There will always be barriers to eliminating human beings from the red team process. While computers might pass the Turing test to mimic human behavior, they will likely never be able to fully contend with the skills, out-of-the-box thinking, and instant agility required to interpret tense situations and adjust courses of action on the fly any time soon. Only Marine majors have the necessary intuitive feel, understanding of the stresses that an operational planning team faces, and internalized doctrinal terminology and slang that will make criticisms of an evolving operational plan be listened to; only skilled white-hat hackers are able to sense, based upon their reconnaissance and scanning of a network, where and how to prioritize time and effort in order to make an engagement the most beneficial for a client; and only human physical penetration testers are able to embody a human adversary and behave outside of the constraints and limits of industry regulations and best practices.

Finally, much of what makes red teaming effective and causes its results to be acted upon is its practitioners’ ability to explain findings in the form of stories that resonate with senior leaders. Across all fields, red teamers emphasized how storytelling and personal vignettes, tailored to spark and hold the interest of their intended audience, are critical. As longtime security professional Nicholas Percoco described it, you have to “make it personal” in order for a red team’s findings to be heard and acted upon. Rather than presenting the technical details of a critical vulnerability in a mobile device, Percoco would show his clients, “Here’s exactly how I could steal your personal photos or download your calendar off your phone.” Cyber penetration test findings told by way of personally relatable anecdotes free of technical arcana are simply much more likely to be listened to and acted upon than pages of screenshots and malware script.72

Where red teaming is heading will ultimately depend upon the perceived value among government, military, and business leaders that it delivers to their targeted institutions. As the number of red team practitioners grows, as awareness is disseminated, and as those who have been exposed to it ascend to senior positions, its utilization as a management tool will undoubtedly become more prevalent and widespread.

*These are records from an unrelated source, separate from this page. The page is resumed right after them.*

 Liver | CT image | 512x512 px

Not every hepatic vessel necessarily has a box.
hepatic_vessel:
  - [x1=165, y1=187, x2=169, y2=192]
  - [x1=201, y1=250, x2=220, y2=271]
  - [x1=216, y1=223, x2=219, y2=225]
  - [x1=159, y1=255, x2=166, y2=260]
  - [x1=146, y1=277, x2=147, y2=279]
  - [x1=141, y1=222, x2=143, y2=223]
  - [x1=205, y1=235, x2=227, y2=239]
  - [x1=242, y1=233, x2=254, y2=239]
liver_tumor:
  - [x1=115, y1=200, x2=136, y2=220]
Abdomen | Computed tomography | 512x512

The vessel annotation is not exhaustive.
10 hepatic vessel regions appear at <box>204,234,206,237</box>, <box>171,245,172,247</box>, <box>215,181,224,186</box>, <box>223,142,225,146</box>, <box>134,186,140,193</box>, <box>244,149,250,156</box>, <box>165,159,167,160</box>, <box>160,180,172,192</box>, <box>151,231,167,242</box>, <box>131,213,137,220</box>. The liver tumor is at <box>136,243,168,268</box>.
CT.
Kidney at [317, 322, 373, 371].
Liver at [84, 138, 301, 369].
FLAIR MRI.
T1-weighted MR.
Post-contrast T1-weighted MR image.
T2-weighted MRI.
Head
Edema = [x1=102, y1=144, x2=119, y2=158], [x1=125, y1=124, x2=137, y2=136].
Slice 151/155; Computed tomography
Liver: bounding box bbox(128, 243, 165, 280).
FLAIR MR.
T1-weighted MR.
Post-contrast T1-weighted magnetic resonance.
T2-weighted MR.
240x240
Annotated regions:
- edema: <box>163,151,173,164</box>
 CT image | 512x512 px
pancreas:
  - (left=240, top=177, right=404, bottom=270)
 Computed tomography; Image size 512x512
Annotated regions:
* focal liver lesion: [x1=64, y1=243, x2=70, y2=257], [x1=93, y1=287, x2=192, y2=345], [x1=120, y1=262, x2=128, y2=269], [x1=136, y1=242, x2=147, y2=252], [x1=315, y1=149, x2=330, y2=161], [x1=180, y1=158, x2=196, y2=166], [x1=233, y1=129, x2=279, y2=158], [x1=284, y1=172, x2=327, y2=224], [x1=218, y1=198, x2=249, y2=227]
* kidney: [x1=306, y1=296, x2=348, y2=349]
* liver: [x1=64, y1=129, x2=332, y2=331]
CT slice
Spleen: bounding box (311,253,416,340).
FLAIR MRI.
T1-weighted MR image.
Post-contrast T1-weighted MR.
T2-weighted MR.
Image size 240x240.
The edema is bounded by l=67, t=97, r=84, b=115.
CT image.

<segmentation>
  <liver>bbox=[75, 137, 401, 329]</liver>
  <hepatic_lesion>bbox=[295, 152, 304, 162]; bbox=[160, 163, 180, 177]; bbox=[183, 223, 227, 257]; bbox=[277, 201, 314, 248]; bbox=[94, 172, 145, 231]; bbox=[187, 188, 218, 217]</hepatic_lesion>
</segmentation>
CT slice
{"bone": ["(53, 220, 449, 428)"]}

The preceding pages have shown how simulations, vulnerability probes, and alternative analyses, when used correctly and heeded by superiors, are increasingly relevant to helping leaders confront and mitigate the challenges and threats that characterize all competitive environments. Red teaming is not a silver bullet that can solve every problem, but then again, nothing is. Embracing a red teamer’s mindset can help almost anyone think more critically and divergently about the complications they face in their jobs and everyday lives.

As the astronomer Carl Sagan eloquently put it: “People in power have a vested interest to oppose critical thinking. . . . If we don’t improve our understanding of critical thinking and develop it as kind of a second nature, then we’re just suckers ready to be taken by the next charlatan who ambles along.”73 Likewise, red teaming is similarly beneficial, and even empowering, for those of us who are willing to learn from and appreciate all that it has to offer.